* _Work instruction_
Everything in the entries except the pictures must be duplicated exactly.

⟨

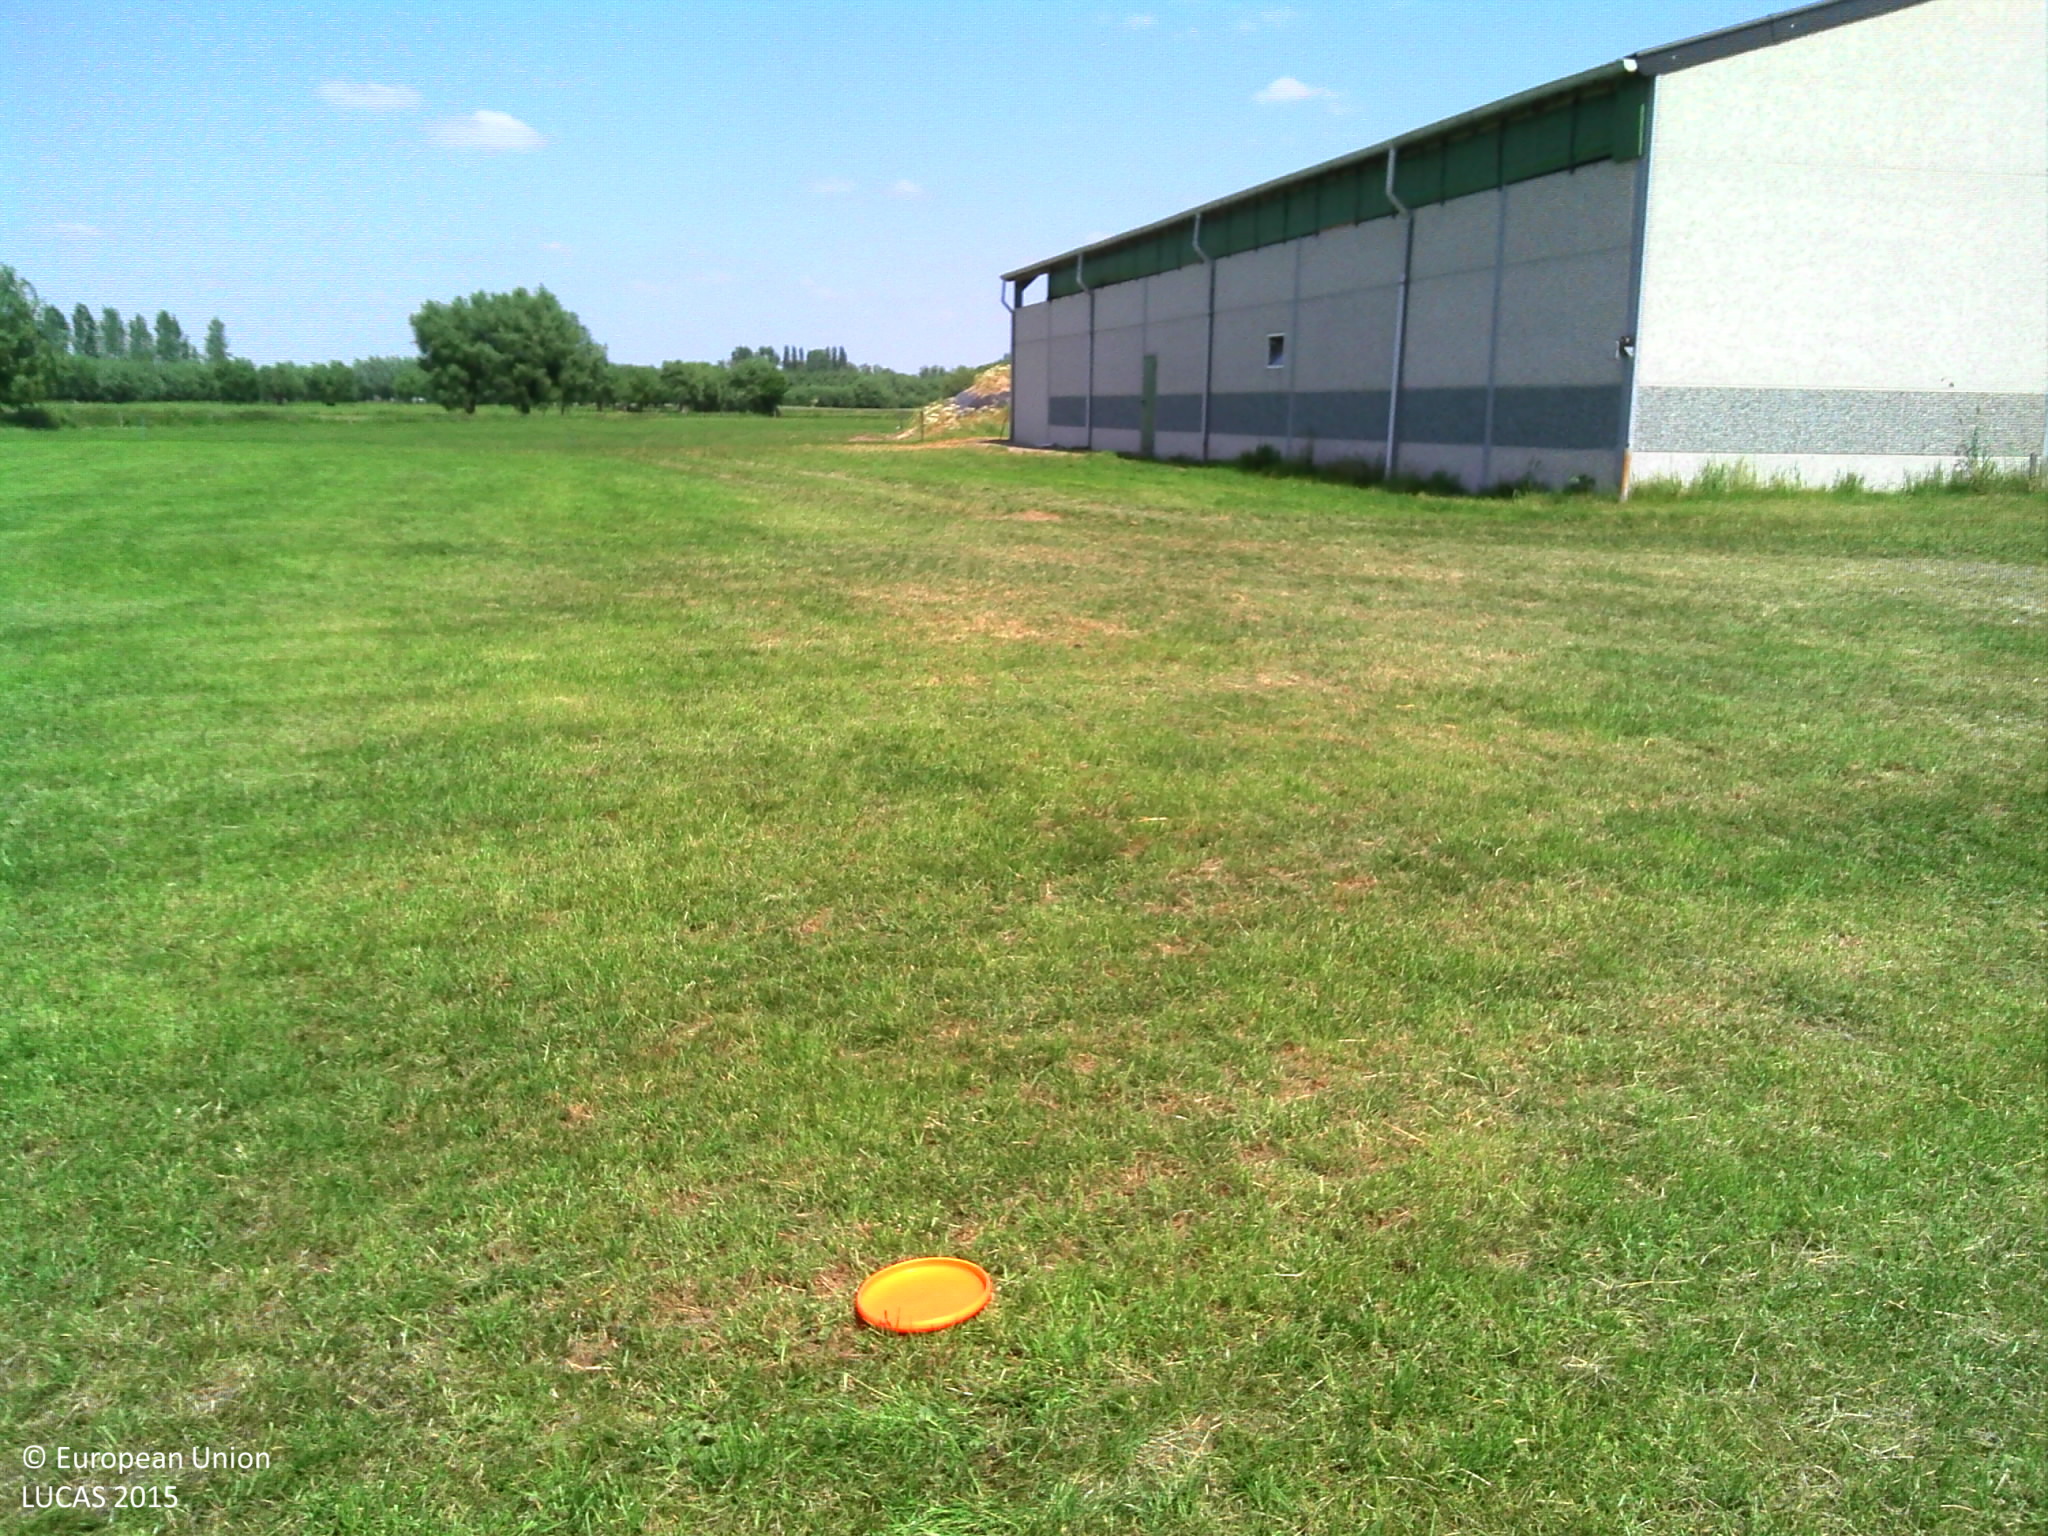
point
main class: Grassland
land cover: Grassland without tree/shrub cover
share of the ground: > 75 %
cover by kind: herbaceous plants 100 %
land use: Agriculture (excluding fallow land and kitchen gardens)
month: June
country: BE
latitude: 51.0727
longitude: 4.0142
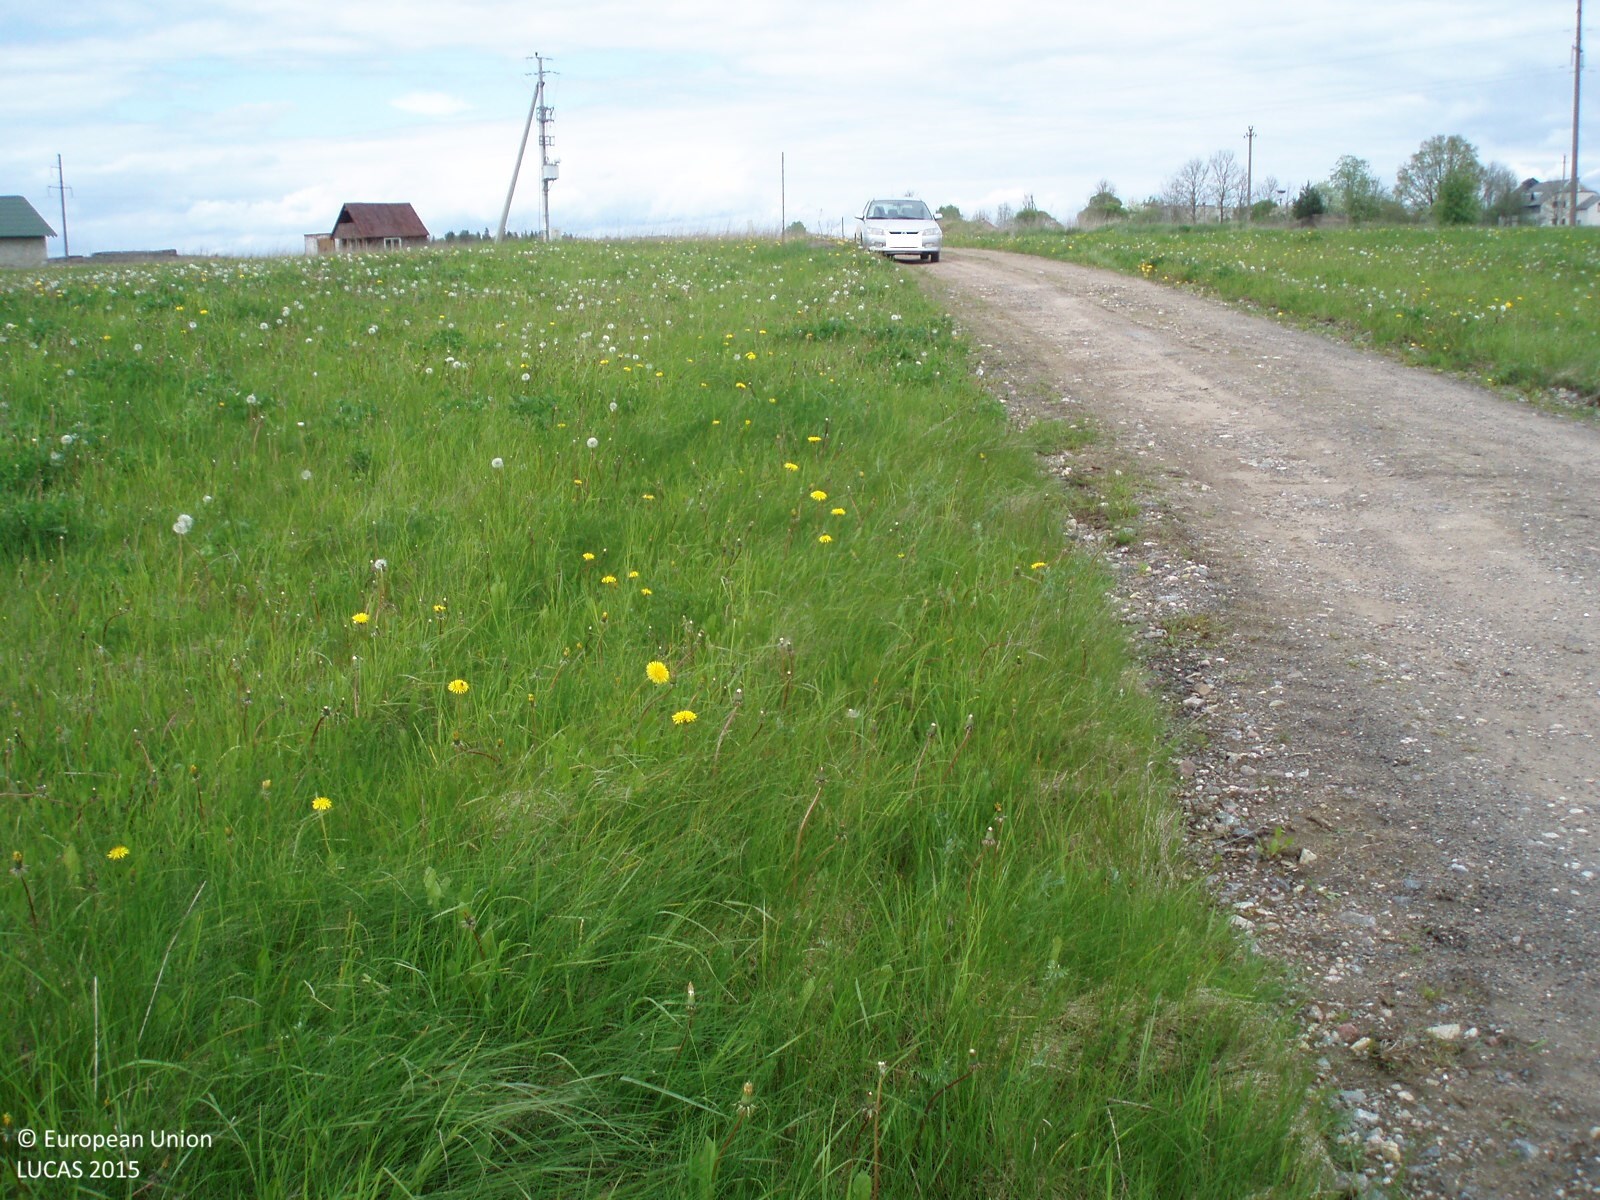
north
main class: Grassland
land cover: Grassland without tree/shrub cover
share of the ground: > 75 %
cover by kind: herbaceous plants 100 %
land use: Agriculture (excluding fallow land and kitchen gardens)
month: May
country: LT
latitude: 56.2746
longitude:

⟩

* _Result of the task_
point
main class: Grassland
land cover: Grassland without tree/shrub cover
share of the ground: > 75 %
cover by kind: herbaceous plants 100 %
land use: Agriculture (excluding fallow land and kitchen gardens)
month: June
country: BE
latitude: 51.0727
longitude: 4.0142
north
main class: Grassland
land cover: Grassland without tree/shrub cover
share of the ground: > 75 %
cover by kind: herbaceous plants 100 %
land use: Agriculture (excluding fallow land and kitchen gardens)
month: May
country: LT
latitude: 56.2746
longitude:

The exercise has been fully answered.